MADEWELL INC., AND J. CREW INTERNATIONAL, INC. (THE “GUARANTORS”)

Supplemental Indenture (this “Supplemental Indenture”), dated as of March 7, 2011 among J. Crew Group, Inc., a Delaware corporation (the “Issuer”), the Guarantors and Wells Fargo Bank, National Association, as trustee (the “Trustee”).

W I T N E S S E T H

WHEREAS, Chinos Acquisition Corporation (“Chinos”) has heretofore executed and delivered to the Trustee a Senior Notes Indenture (the “Indenture”), dated as of March 7, 2011, providing for the issuance of an unlimited aggregate principal amount of 8.125% Senior Notes due 2019 (the “Notes”);

WHEREAS, the Notes are being issued and sold in connection with the merger of Chinos with and into the Issuer (the “Merger”), whereby, upon consummation of the Merger, the Issuer will continue as the surviving corporation.

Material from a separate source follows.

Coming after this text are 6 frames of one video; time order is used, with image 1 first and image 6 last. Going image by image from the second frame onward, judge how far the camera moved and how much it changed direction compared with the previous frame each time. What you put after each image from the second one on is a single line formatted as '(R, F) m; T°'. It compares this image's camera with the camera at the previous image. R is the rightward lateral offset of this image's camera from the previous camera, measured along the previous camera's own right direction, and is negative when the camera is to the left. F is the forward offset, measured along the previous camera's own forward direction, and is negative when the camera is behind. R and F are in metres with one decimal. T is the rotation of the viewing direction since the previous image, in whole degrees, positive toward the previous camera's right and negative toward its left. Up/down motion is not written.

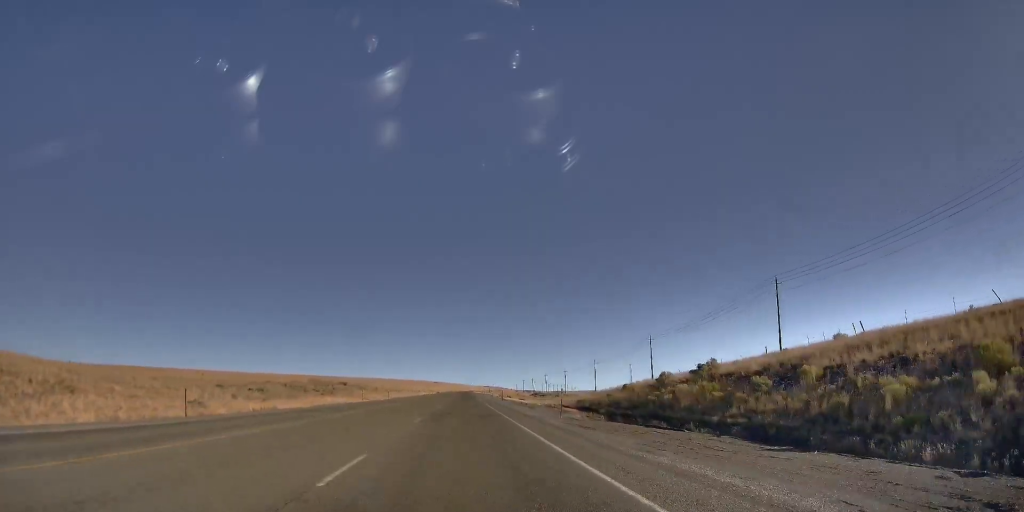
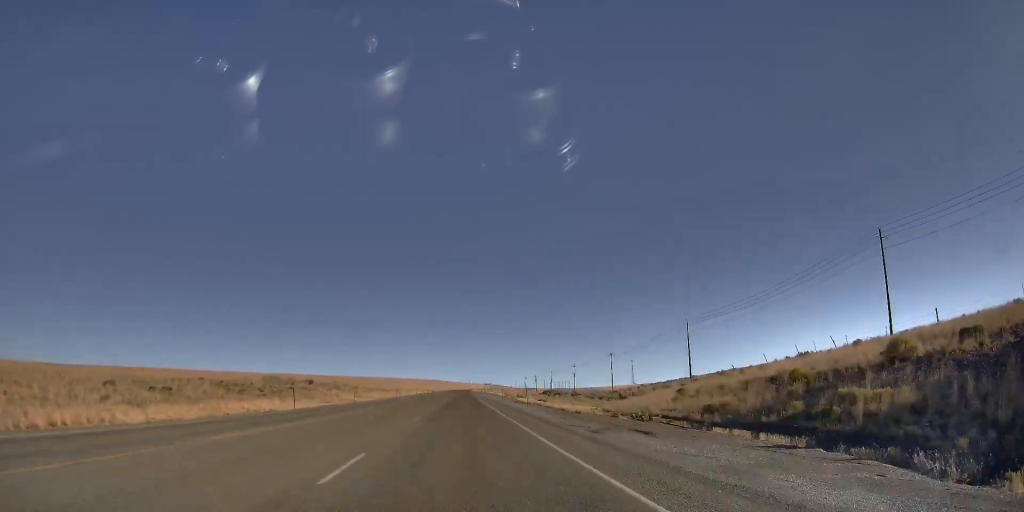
(0.0, +30.0) m; 0°
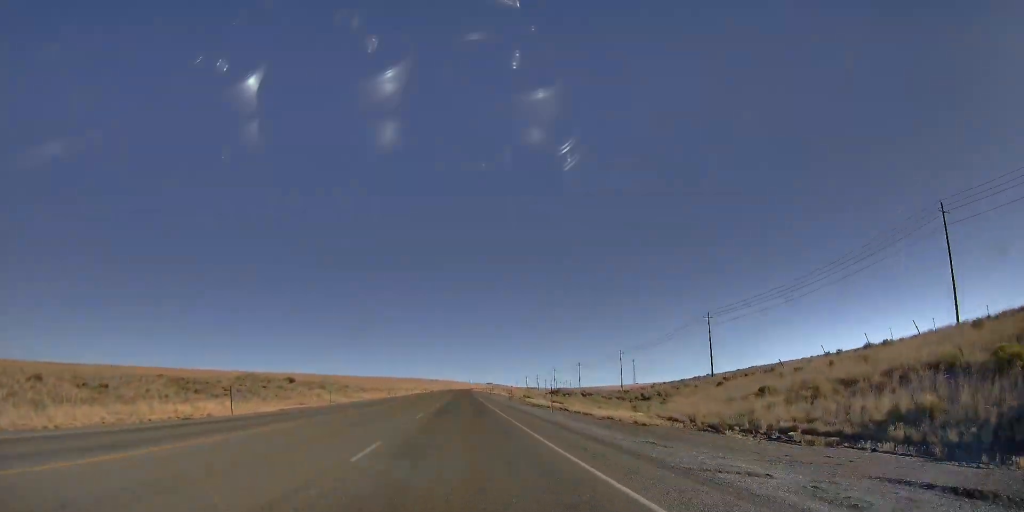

WHEREAS, upon consummation of the Merger, and simultaneously with the execution of the Indenture, the Issuer, the Guarantors and the Trustee will have entered into this Supplemental Indenture, under which the Issuer and the Guarantors will have become party to the Indenture.

WHEREAS, pursuant to this Supplemental Indenture the Company will succeed to all of the rights and obligations of Chinos thereunder, and each of the Guarantors will unconditionally guarantee all of Chinos’ Obligations under the Notes and the Indenture on the terms and conditions set forth herein and under the Indenture (the “Guarantee”).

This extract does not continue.